* Records
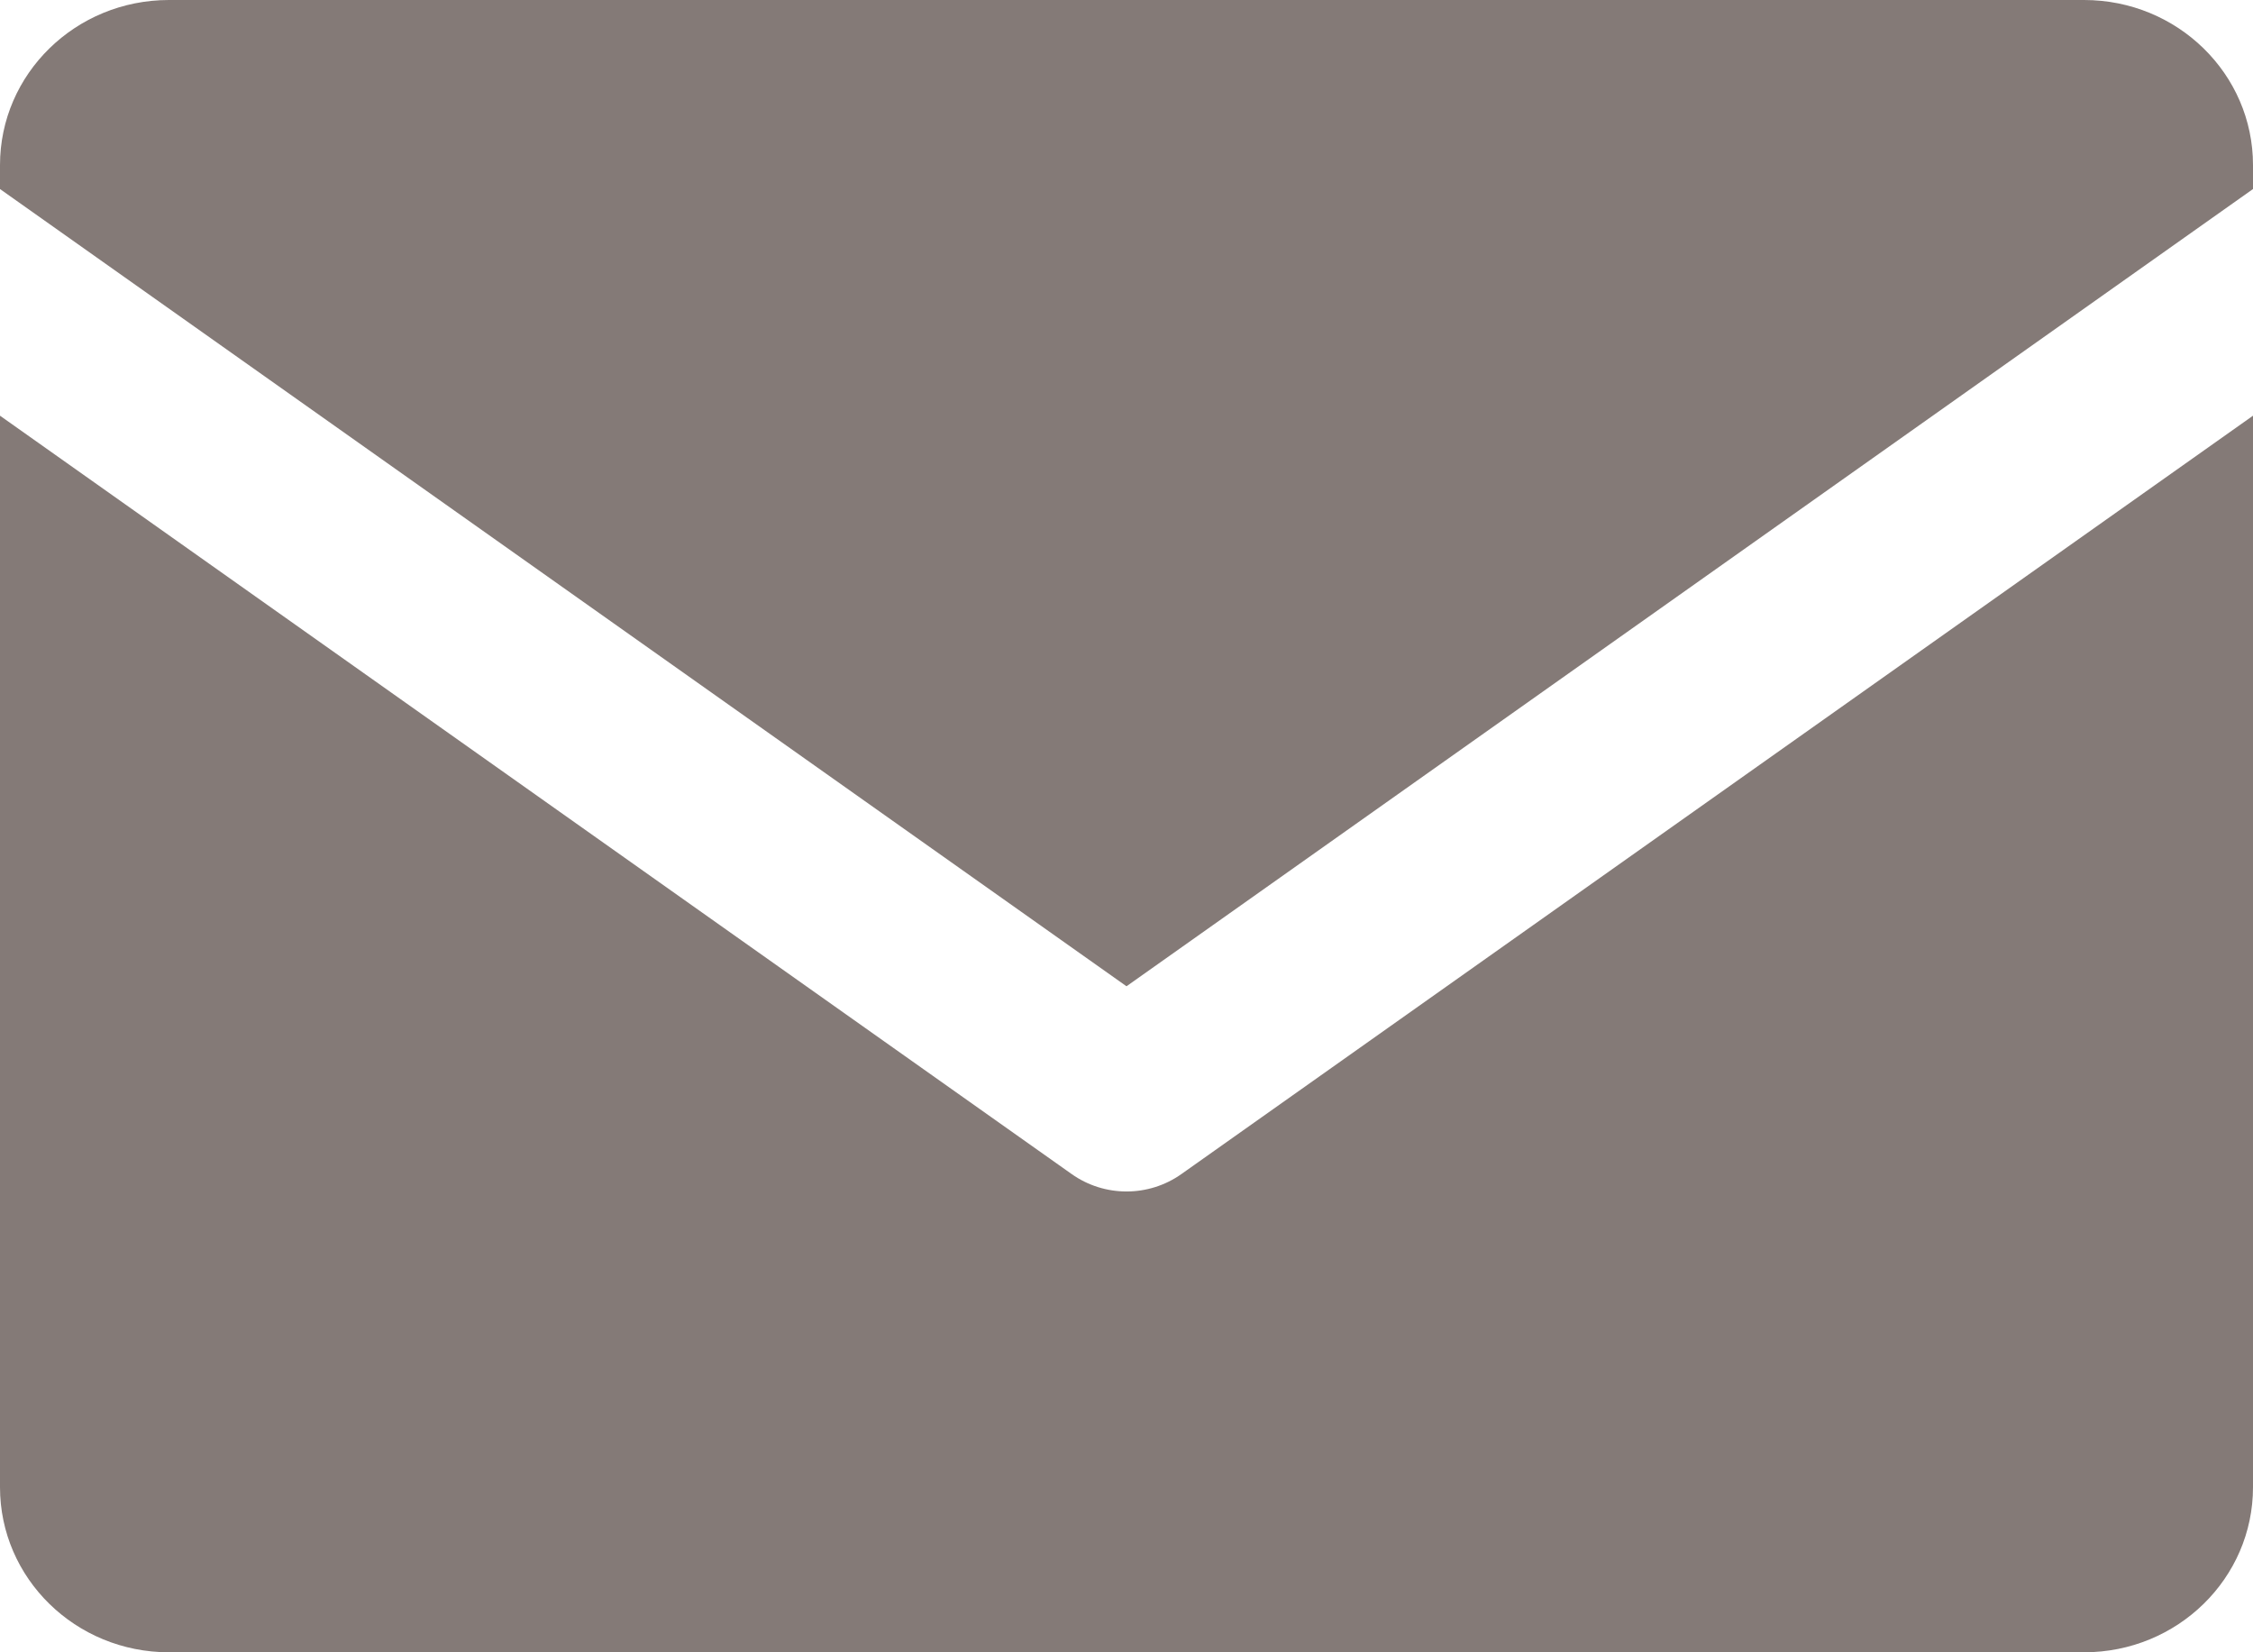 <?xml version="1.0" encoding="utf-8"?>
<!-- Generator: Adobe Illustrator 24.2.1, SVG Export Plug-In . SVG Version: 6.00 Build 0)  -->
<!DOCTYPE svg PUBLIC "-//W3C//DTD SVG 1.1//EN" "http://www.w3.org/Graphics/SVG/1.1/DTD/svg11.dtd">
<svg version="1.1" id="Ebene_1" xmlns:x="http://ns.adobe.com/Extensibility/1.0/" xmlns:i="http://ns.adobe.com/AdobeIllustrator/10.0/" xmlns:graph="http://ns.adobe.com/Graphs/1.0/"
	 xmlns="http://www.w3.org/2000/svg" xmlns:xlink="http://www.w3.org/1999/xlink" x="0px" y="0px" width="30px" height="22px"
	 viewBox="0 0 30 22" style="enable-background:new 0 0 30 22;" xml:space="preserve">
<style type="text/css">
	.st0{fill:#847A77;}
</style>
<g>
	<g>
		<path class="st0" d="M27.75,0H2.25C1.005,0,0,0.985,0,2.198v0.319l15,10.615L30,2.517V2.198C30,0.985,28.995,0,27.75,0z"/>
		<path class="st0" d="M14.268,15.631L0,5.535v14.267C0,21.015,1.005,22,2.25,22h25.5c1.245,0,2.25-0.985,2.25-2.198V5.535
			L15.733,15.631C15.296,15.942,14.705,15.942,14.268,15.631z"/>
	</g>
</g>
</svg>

* Try it
Find each line in the records holding the string "xmlns" and show it.

* Solution for this exercise
<svg version="1.1" id="Ebene_1" xmlns:x="http://ns.adobe.com/Extensibility/1.0/" xmlns:i="http://ns.adobe.com/AdobeIllustrator/10.0/" xmlns:graph="http://ns.adobe.com/Graphs/1.0/"
	 xmlns="http://www.w3.org/2000/svg" xmlns:xlink="http://www.w3.org/1999/xlink" x="0px" y="0px" width="30px" height="22px"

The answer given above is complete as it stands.